I guess I changed the question and perhaps should start a new thread
I am sure it is not the cheapest route, but certainly the easiest route to your goal is forced induction. bolt on a supercharger or a turbo and your there. the only kit I am aware of is still the paxton like I have but I have seen people do turbos and the older roots style as well. I am a big fan of boost, but no it is not cheap. about 3 grand when I bought mine. but a new set of AFR heads fully assembled is around 1200, cam and lifters a coupe hundred, forged pistons etc. it doesn't take long to rack up 3 grand in performance parts when building an engine. and these kits are designed to bolt onto stock engines so you don't really have to go into the engine much. of course having said that every improvement in efficiency made before boost is ussually magnified after boost. and you have to be careful to avoid detonation especially without forged pistons.
of course forced induction implies an engine that is in good repair. I would not even consider putting a supercharger on a real high mileage engine without rebuilding it, and if you are going to rebuild it you should use forged dishe pistons to get your compression to at most 9:1 a good blower grind cam, and my preference a 650 mighty demon carbureter.
Player, you need to look at saving up for a crate engine. It's going to be built right and usually with a warranty. By the time you buy the performance engine parts and pay the machine shop for their services, you will probably pay less for the crate engine.
From what I can tell from your posts, I don't think that you're experienced enough or equipped to do a rebuild. It would be a shame to spend thousands of bucks to only have the engine blow because something was done wrong. Have you got access to taking an engine building course at a local junior college? I suggest that you check it out before building an engine.
Also, if you're gonna do a rebuild, make friends with the local machine shop guys. You're not gonna be able to get your motor back into tip-top shape entirely on your own. Also, a good set of aftermarket heads can really help out power and mileage. Patriot makes an affordable set of aluminum heads that make decent power.
__________________
Proud owner of a '65 289 coupe w/ C4. Equipped with Edelbrock Performer intake K&N air filter, and 600 cfm carb, Comp Cams Xtreme Energy valvetrain, Comp Cams XE262H cam, MSD ignition, and ported heads. Suspended by 600# 1" drop front and stock rear springs, KYB shocks, 1" front and 7/8" rear sway bars, and Traction Master style traction bars. Your friendly suspension kid.

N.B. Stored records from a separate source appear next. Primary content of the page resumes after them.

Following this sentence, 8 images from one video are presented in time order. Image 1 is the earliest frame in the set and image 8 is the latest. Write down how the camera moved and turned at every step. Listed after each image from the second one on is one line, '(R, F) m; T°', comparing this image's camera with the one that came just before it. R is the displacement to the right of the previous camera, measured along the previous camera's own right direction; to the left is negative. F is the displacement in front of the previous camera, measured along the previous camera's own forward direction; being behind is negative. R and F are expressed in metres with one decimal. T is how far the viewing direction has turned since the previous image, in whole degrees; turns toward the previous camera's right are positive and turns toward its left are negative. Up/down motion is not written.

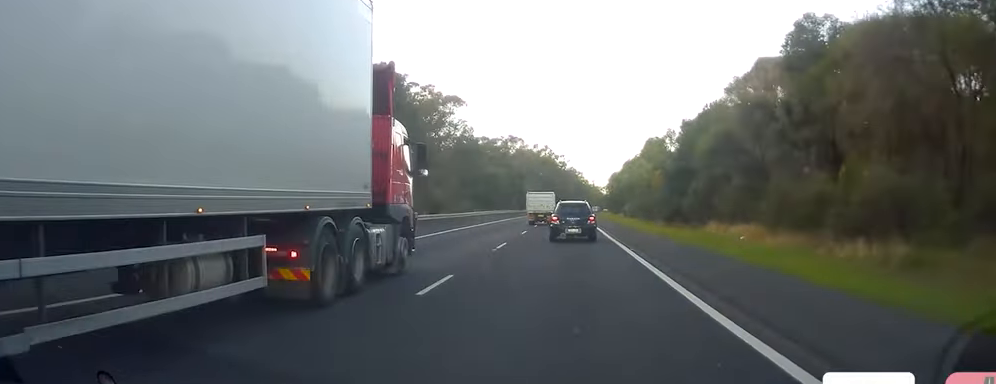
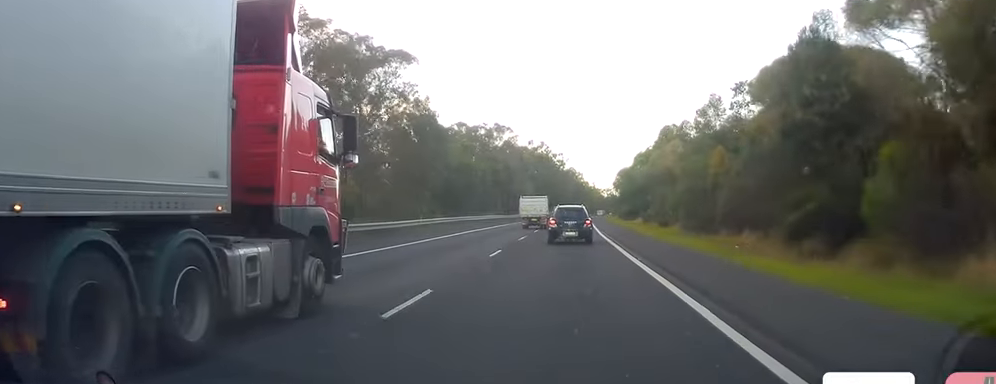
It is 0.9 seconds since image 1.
(0.0, +25.6) m; +1°
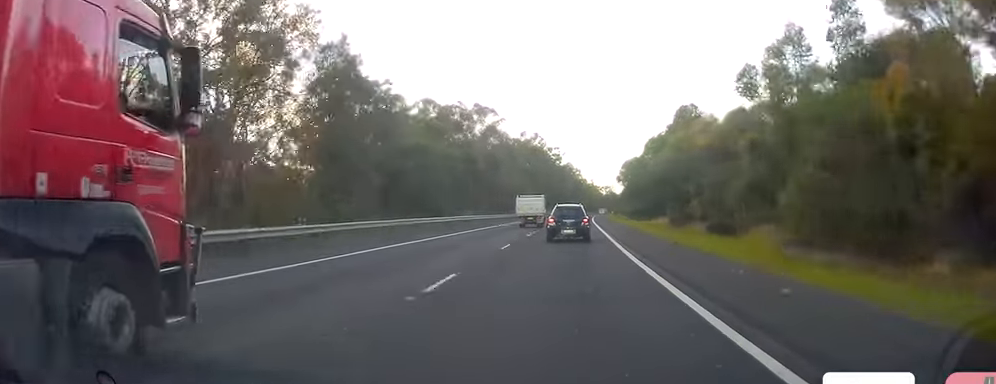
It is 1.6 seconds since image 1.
(+0.3, +21.1) m; +1°
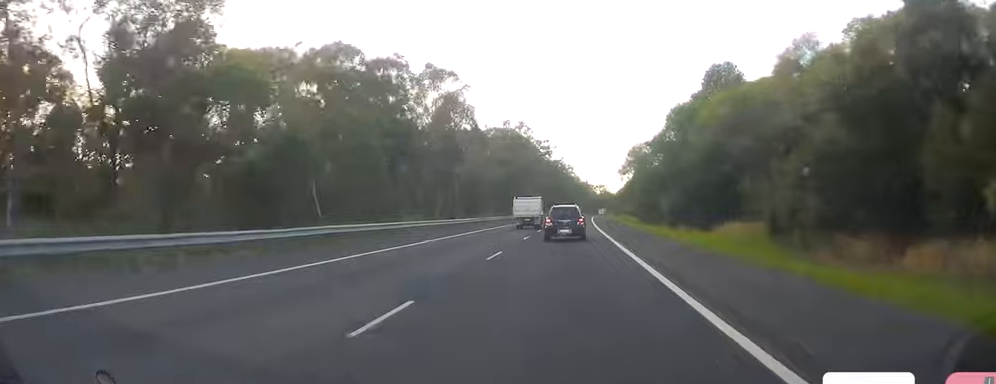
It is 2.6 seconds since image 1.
(-0.1, +28.0) m; -1°
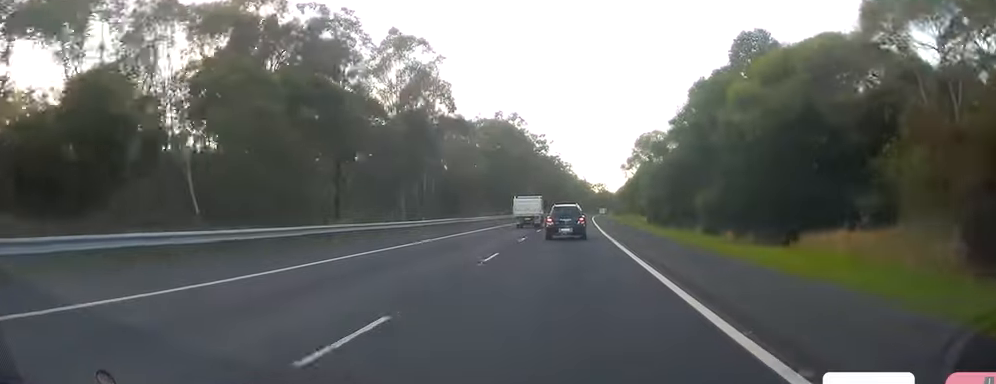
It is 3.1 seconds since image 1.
(-0.4, +13.5) m; 0°
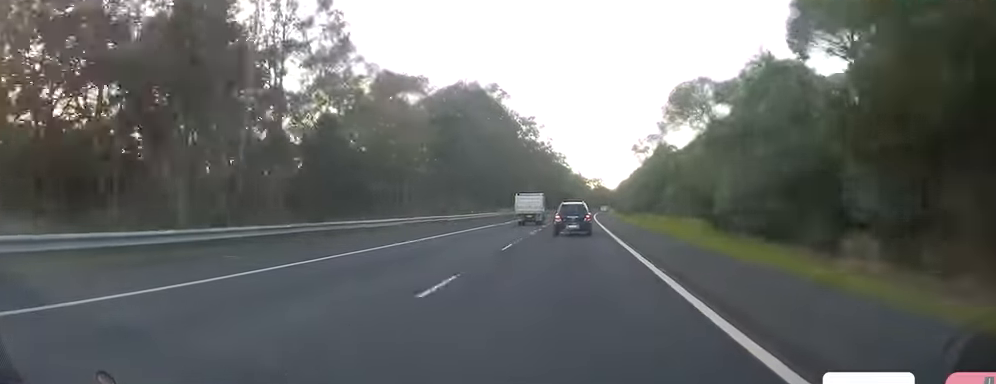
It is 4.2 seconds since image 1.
(+0.3, +31.9) m; +2°
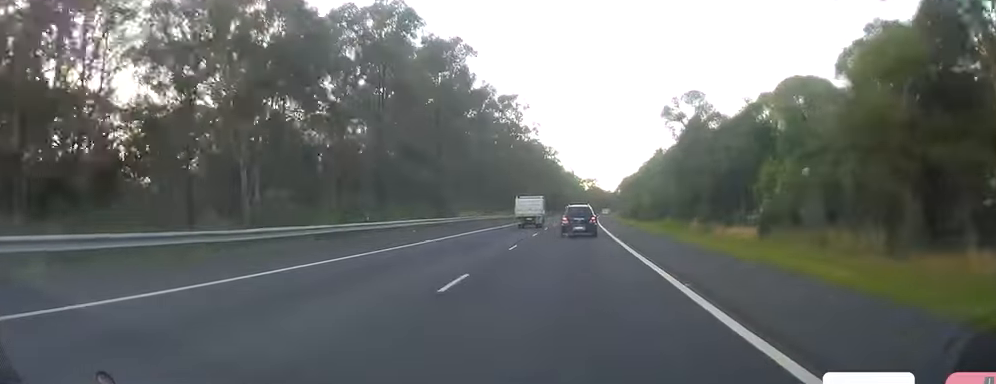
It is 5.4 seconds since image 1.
(+1.1, +34.9) m; +1°
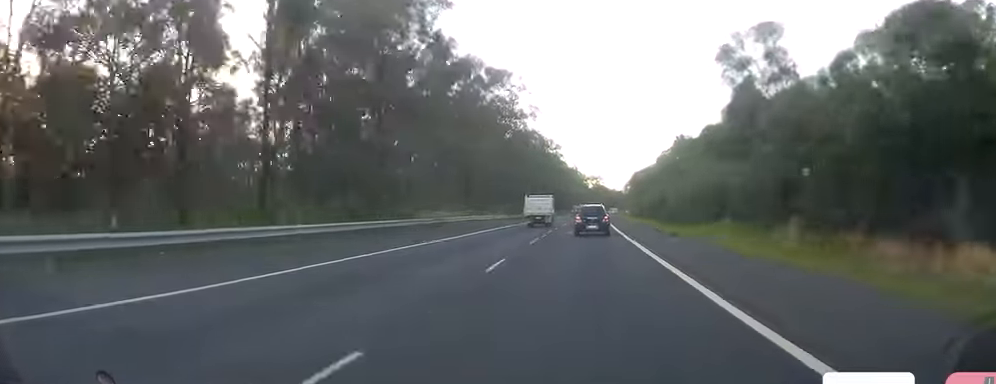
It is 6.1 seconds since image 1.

I wouldn't mind taking a course, as I've mentioned, most of my experience is with imports. I've rebuilt a couple of Mitsubishi 3000 engines and done timing belts on a few other imports...never anything with a car like this though, and nothing with internal mods.
Some of the crate engines that I've seen were about 8k or there abouts...really pricey.
Given that everything is original and documented...perhaps I would just:
Rebuild the engine, blueprint it
Port heads
Upgrade intake, carb, headers, exhaust, cams
Electronic ignition
Electric fan
Tranny cooler
Maybe electric fuel pump
Maybe that would bump me up a bit and still allow to switch back to stock in case I ever decided to sell it.
What do you think, good or bad idea?
300hp?
you are on the right track, but ditch the idea of porting your heads and buy a decent set of aluminum heads. by the time you have a valve job and porting done you will have the same money in them. and they are sooo much better. and with a good ignition and carb you could see 300. if you go this route, put some ideas on paper, get with the machine shop you make friends with and plan your motor. just cobbling together a bunch of "good deals" could result in decent power but it will more than liekly result in a motor that just runs. you know? this is the "if you want to build it yourself" plan
the crate motor is a solid choice, some are warrenties like the one post says, and most are dyno'd so you know what you are getting.
hopoe this all helps and keep us posted on what you end up going with!